(Listed entries)

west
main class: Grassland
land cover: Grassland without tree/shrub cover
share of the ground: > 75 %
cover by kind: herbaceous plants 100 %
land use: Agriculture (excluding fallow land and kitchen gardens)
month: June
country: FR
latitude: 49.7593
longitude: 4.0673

(End Listed entries)

§ What is being asked
Every entry should be output again exactly as written.

§ Result of the task
west
main class: Grassland
land cover: Grassland without tree/shrub cover
share of the ground: > 75 %
cover by kind: herbaceous plants 100 %
land use: Agriculture (excluding fallow land and kitchen gardens)
month: June
country: FR
latitude: 49.7593
longitude: 4.0673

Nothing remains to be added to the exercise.